# -----------------------------------------------------------------------------
# Copyright (c) 2025 NVIDIA CORPORATION & AFFILIATES.
# All rights reserved.
#
# This codebase constitutes NVIDIA proprietary technology and is strictly
# confidential. Any unauthorized reproduction, distribution, or disclosure
# of this code, in whole or in part, outside NVIDIA is strictly  prohibited
# without prior written consent.
#
# For inquiries regarding the use of this code in other NVIDIA proprietary
# projects, please contact the Deep Imagination Research Team at
# dir@exchange.nvidia.com.
# -----------------------------------------------------------------------------

"""
Condition postprocessors for model-specific conditioning logic.

This module obviates the need to modify the get_data_and_condition method
in the distillation/interactive method classes (e.g. dmd2 class).
"""

from __future__ import annotations

from typing import Any

import torch
import torch.nn.functional as F
from einops import rearrange

from cosmos_predict2._src.interactive.configs.method_configs.config_cosmos2_interactive_base import IS_PREPROCESSED_KEY
from cosmos_predict2._src.predict2.conditioner import DataType
from cosmos_predict2._src.transfer2.configs.vid2vid_transfer.defaults.conditioner import ControlVideo2WorldCondition


class ControlConditionPostprocessor:
    """
    Adds control latent and weights to the condition object for Cosmos-Transfer2 models.

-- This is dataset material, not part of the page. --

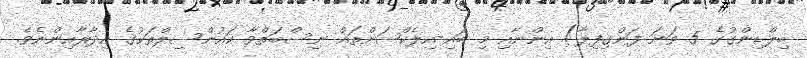
ބިލްޑިންގުގެ 5 ވަނަ ފަންގިފިލާ) އިންނާއި މި ބައި-އިލެކްޝަންތައް ނިސްބަތްވާ ކައުންސިލްތަކުގެ އިދާރާއިންނެވެ.
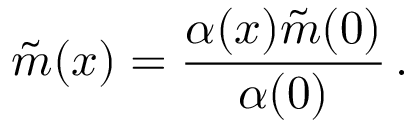
\tilde { m } ( x ) = \frac { \alpha ( x ) \tilde { m } ( 0 ) } { \alpha ( 0 ) } \, .

    The implementation mirrors the get_data_and_condition method in the Cosmos-Transfer2 model class:
        cosmos_predict2/_src/transfer2/models/vid2vid_model_control_vace.py

    This postprocessor tokenizes (encodes) control inputs from the data batch (e.g., depth, edge) into latent space
    and attaches them to the condition objects.

    Usage in config:
        condition_postprocessor = L(ControlConditionPostprocessor)(
            hint_keys=["depth"],
        )
    """

    def __init__(self, hint_keys: list[str]):
        """
        Args:
            hint_keys: List of control modality keys (e.g., ["depth", "edge"]).
                       These correspond to attributes on the condition object.
        """
        self.hint_keys = hint_keys

    def __call__(
        self,
        model: Any,
        condition: ControlVideo2WorldCondition,
        uncondition: ControlVideo2WorldCondition,
        latent_state: torch.Tensor,
        data_batch: dict[str, torch.Tensor],
    ) -> tuple[ControlVideo2WorldCondition, ControlVideo2WorldCondition]:
        """
        Process conditions to add control latent and weights.
        Consequently, this turns the condition and uncondition into ControlVideo2WorldCondition objects.

        Args:
            model: The model instance (provides encode(), tokenizer, net, tensor_kwargs, config)
            condition: The positive condition object
            uncondition: The negative/unconditional condition object
            latent_state: The encoded latent state tensor
            data_batch: The input data batch

        Returns:
            Tuple of (modified_condition, modified_uncondition)
        """
        # Handle single-frame video inputs by treating them as images.
        if (
            getattr(model, "input_data_key", None) in data_batch
            and data_batch[model.input_data_key] is not None
            and data_batch[model.input_data_key].dim() == 5
            and data_batch[model.input_data_key].shape[2] == 1
            and getattr(model, "input_image_key", None) not in data_batch
        ):
            video = data_batch[model.input_data_key]
            if video.dtype == torch.uint8:
                video = video.to(**model.tensor_kwargs) / 127.5 - 1.0
            image = video.squeeze(2)  # (B, C, H, W)
            data_batch[model.input_image_key] = image
            data_batch[IS_PREPROCESSED_KEY] = True
            del data_batch[model.input_data_key]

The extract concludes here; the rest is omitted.